----- EXCERPTED RECORDS -----

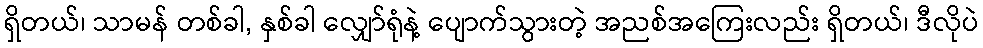
ရှိတယ်၊ သာမန် တစ်ခါ, နှစ်ခါ လျှော်ရုံနဲ့ ပျောက်သွားတဲ့ အညစ်အကြေးလည်း ရှိတယ်၊ ဒီလိုပဲ
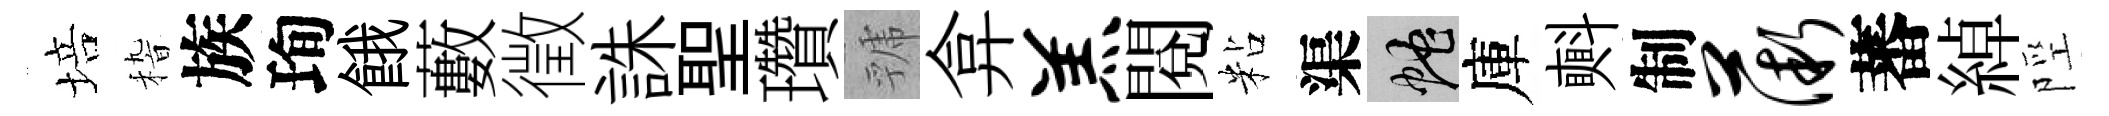
培𥟵族珣餓藪徵誅聖瓚虢弇羔閲粘渠蛇庫㪺制薇蕃綽陘
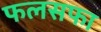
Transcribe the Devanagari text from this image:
फलसफा
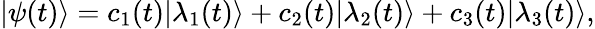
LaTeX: |\psi(t)\rangle=c_{1}(t)|\lambda_{1}(t)\rangle+c_{2}(t)|\lambda_{2}(t)\rangle+c_{3}(t)|\lambda_{3}(t)\rangle,

-----

> **PROBLEM TO SOLVE**
Output an exact copy of the lines from the one with "Transcribe the Devanagari" through the closing line of the records, inclusive, without any images.

> **FINISHED EXERCISE**
Transcribe the Devanagari text from this image:
फलसफा
LaTeX: |\psi(t)\rangle=c_{1}(t)|\lambda_{1}(t)\rangle+c_{2}(t)|\lambda_{2}(t)\rangle+c_{3}(t)|\lambda_{3}(t)\rangle,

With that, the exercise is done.